16) Filling (Filled):
Filled refers to the action of completing a space or volume with a substance. In scientific experiments, it often describes populating experimental wells with solutions containing cells or compounds. The term is relevant to the procedures of the study where cell cultures are 'filled' with various concentrations of test compounds for evaluation.
17) Arrow:
Arrow is a graphical element used to represent direction or movement in illustrations and diagrams.
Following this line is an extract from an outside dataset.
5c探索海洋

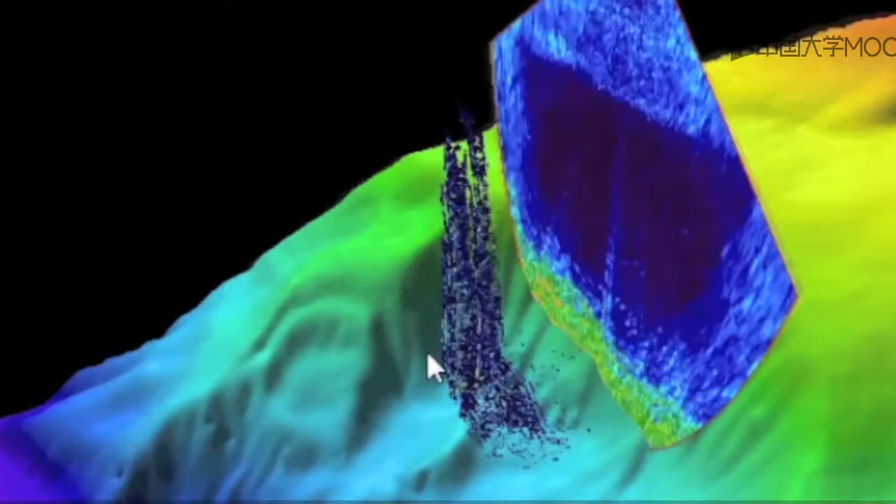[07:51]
发挥了非常重要的作用比如说海底地形探索方面最常见的技术包括声纳

In this research, arrows indicate interactions or binding sites in molecular docking studies, aiding in visualizing the relationships between synthesized compounds and their target receptors, thus clarifying the binding interactions during drug evaluation.
18) Pur:
Poor denotes suboptimal conditions or results. In the context of drug development, it often describes compounds with insufficient efficacy or bioavailability. The research indicates the limitations of existing therapies, such as hydroxyurea, highlighting the need for better alternatives that overcome the poor performance in cancer treatment regimens.
Other Science Concepts:
Discover the significance of concepts within the article: ‘Docking, synthesis, and cytotoxicity of n-(phenylcarbamothioyl)-benzamide on T47D cells.’. Further sources in the context of Science might help you critically compare this page with similair documents:
Breast cancer, Research study, In vitro, Anticancer activity, Molecular docking, Cytotoxic activity, Chemical structure, FTIR, 1 H NMR, IC 50, Molecular mechanism, Mass spectra, Molecular modeling, 13 C NMR, In Silico, Hydrogen bond, Hydroxyurea, Vero cell.